The long-term effects of an arterial vasodilator, hydralazine, on myocardial structure and cardiac myosin isogene expression in pressure overload in rats were investigated. Portan rats were subjected to pressure overload by partial abdominal aortic constriction in order to study the effects of a 4-week treatment with hydralazine (15 mg/kg p.o.) on hemodynamics, ventricular structure, and ventricular total RNA, DNA, protein and myosin isoform expression pattern in sham (SO) and pressure-overloaded (p.o.) rats. P.o. increased the mean arterial pressure (MAP) and systolic blood pressure (SBP) and resulted in increased ventricular weight, LV wall thickness, total RNA and protein content; however, total DNA remained unchanged. The expression of fetal isogene beta-myosin heavy chain (beta-MHC) was markedly enhanced, whereas alpha-MHC was reduced. Hydralazine (15 mg/kg p.o.) normalized MAP and SBP, but did not modulate the hypertrophic changes of pressure-overloaded myocardium. It did not prevent an increase in ventricular total RNA and protein content and antithetical expression of myosin isoforms. Overall growth rate of rats was unaffected by hydralazine treatment. These results suggest that hydralazine has no direct effect in preventing the progression of cardiac hypertrophy and expression of beta-MHC, in spite of lowering blood pressure in pressure-overloaded rats. Thus, it further reaffirms that factors other than hemodynamics may play a pivotal role in the development of cardiac hypertrophy and induction of fetal isogene expression.
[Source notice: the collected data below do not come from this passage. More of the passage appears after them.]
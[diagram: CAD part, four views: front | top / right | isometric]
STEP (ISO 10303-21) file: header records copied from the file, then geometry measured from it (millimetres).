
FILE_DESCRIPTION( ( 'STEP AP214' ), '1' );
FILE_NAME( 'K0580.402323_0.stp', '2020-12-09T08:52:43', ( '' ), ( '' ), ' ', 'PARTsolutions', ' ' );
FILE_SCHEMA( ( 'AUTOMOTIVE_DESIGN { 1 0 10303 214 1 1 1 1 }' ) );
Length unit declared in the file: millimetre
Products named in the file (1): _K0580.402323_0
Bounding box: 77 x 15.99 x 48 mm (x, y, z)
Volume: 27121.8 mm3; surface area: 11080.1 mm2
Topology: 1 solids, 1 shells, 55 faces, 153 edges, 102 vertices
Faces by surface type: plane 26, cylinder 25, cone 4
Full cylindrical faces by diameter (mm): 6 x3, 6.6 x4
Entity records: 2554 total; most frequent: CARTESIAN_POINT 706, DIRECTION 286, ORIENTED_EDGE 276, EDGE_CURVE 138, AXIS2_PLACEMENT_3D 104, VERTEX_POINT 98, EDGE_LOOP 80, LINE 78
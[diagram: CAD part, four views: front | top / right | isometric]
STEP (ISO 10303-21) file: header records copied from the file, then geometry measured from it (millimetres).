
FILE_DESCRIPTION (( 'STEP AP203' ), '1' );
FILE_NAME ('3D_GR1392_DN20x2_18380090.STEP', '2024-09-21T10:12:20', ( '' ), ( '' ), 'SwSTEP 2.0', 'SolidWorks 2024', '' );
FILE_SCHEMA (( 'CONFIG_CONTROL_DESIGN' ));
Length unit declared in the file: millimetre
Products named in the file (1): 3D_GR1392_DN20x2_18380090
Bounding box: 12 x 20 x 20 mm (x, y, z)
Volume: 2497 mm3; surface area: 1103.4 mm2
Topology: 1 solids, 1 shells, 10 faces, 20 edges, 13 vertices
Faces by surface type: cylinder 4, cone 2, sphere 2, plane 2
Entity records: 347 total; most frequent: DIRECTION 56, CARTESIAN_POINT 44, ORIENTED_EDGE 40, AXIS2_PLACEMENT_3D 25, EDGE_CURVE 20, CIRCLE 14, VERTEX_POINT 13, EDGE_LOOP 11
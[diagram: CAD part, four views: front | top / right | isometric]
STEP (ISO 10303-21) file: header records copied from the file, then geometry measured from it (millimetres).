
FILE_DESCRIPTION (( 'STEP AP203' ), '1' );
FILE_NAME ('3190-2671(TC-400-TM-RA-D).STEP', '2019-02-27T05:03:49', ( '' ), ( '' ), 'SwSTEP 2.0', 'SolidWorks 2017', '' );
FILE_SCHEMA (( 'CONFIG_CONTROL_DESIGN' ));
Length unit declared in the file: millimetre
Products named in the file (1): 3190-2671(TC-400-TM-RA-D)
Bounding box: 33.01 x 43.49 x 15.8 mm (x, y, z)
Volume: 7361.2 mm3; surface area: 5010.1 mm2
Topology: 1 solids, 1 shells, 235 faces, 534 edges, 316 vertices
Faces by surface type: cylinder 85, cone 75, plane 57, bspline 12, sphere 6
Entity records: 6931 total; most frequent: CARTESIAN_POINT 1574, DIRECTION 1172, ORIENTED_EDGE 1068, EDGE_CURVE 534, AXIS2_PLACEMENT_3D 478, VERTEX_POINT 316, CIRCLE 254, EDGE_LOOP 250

Role of cardiac renin-angiotensin system in the development of pressure-overload left ventricular hypertrophy in rats with abdominal aortic constriction

Possible involvement of cardiac renin-angiotensin system (RAS) in pressure overload induced left ventricular hypertrophy (LVH) was investigated. Rats were subjected to abdominal aortic constriction (AAC) and examined the effects of 4 weeks treatments with an angiotensin converting enzyme (ACE) inhibitor, captopril and a vasodilator, hydralazine on haemodynamics and ventricular RNA, DNA, protein and myosin isoform pattern in sham and hypertrophied rats. AAC increased the mean arterial pressure (MAP) and systolic blood pressure (SBP), and resulted in increased left ventricle/body weight ratio, LV thickness, RNA and protein content, however total DNA was not changed. The expression of fetal isogene, beta-myosin heavy chain (beta-MHC), was markedly enhanced where as alpha-MHC was reduced. High-dose captopril (100 mg/kg p.o.,) significantly prevented the increase in haemodynamics, development of LVH, LV remodeling, increase in total protein, RNA and antithetical expression of myosin isoforms. Hydralazine (15 mg/kg p.o.,), did not modulate hypertrophic changes and low-dose captopril (1.5 mg/kg p.o.,) which has not produced any marked fall in MAP and SBP also modulated favourably the development of LVH and its biochemical markers. Thus, the prevention of the development of LVH and induction of beta-MHC by non-hypotensive doses of captopril may be related to the blockade of intracardiac production of angiotensin II rather than circulating system. These results suggest that cardiac RAS may play an important role in pressure overload induced LVH.